BEGIN Data shown

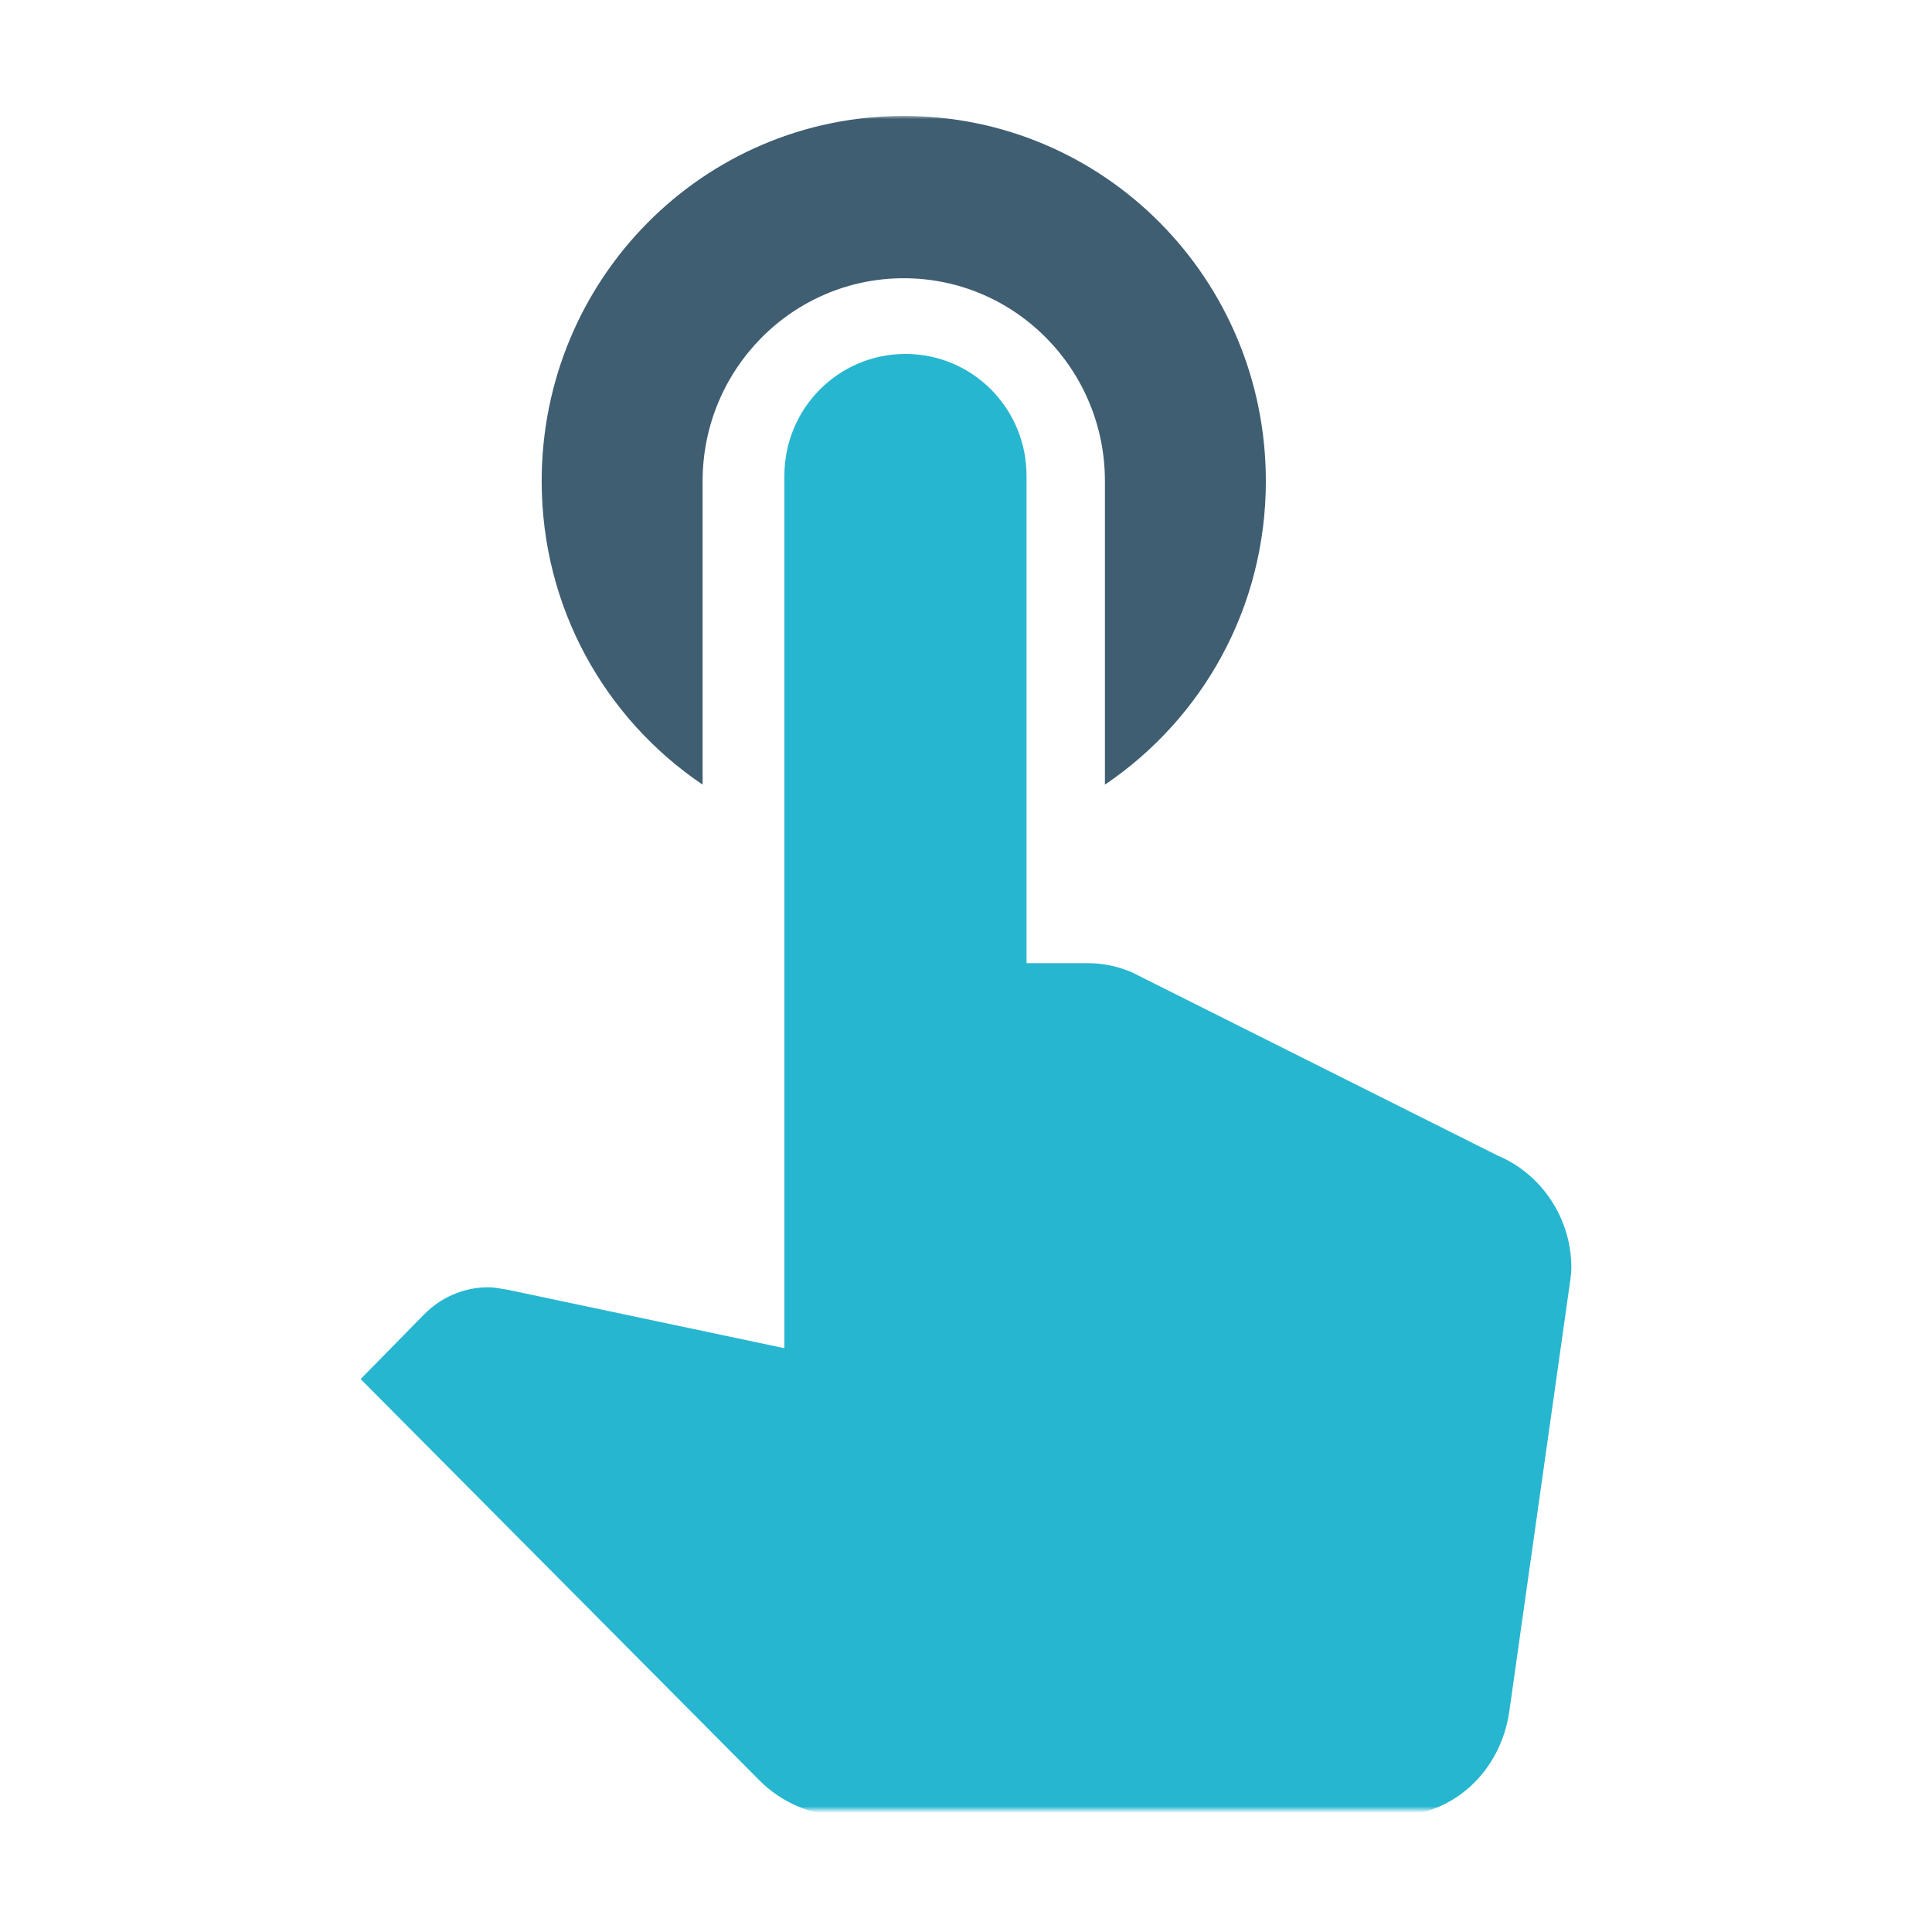 <svg xmlns="http://www.w3.org/2000/svg" xmlns:xlink="http://www.w3.org/1999/xlink" width="300" height="300"
     viewBox="0 0 300 300">
  <defs>
    <polygon id="path-1" points="18 18 281 18 281 281 18 281"/>
  </defs>
  <g id="Assets" fill="none" fill-rule="evenodd">
    <g id="touch">
      <mask id="mask-2" fill="#fff">
        <use xlink:href="#path-1"/>
      </mask>
      <path id="Shape" fill="#405E72" fill-rule="nonzero"
            d="M109.101,121.84 L109.101,74.709 C109.101,57.318 123.094,43.204 140.336,43.204 C157.579,43.204 171.572,57.318 171.572,74.709 L171.572,121.84 C186.69,111.632 196.561,94.368 196.561,74.709 C196.561,43.33 171.447,18 140.336,18 C109.226,18 84.112,43.33 84.112,74.709 C84.112,94.368 93.983,111.632 109.101,121.84 Z"
            mask="url(#mask-2)"/>
      <path id="Path" fill="#27B6D0"
            d="M232.595,179.454 L175.693,150.947 C173.563,150.065 171.307,149.56 168.925,149.56 L159.4,149.56 L159.4,73.88 C159.4,63.411 151.003,54.96 140.6,54.96 C130.197,54.96 121.8,63.411 121.8,73.88 L121.8,209.347 L78.811,200.266 C77.808,200.139 76.931,199.887 75.803,199.887 C71.917,199.887 68.408,201.527 65.901,204.05 L56,214.14 L117.915,276.45 C121.299,279.856 126.061,282 131.2,282 L216.301,282 C225.701,282 232.971,275.063 234.349,265.855 L243.749,199.383 C243.875,198.5 244,197.617 244,196.86 C244,189.04 239.237,182.229 232.595,179.454 L232.595,179.454 Z"
            mask="url(#mask-2)"/>
    </g>
  </g>
</svg>

END Data shown

[Work instructions] Reproduce each line of the records in which the string "fill" appears.

[Task response]
  <g id="Assets" fill="none" fill-rule="evenodd">
      <mask id="mask-2" fill="#fff">
      <path id="Shape" fill="#405E72" fill-rule="nonzero"
      <path id="Path" fill="#27B6D0"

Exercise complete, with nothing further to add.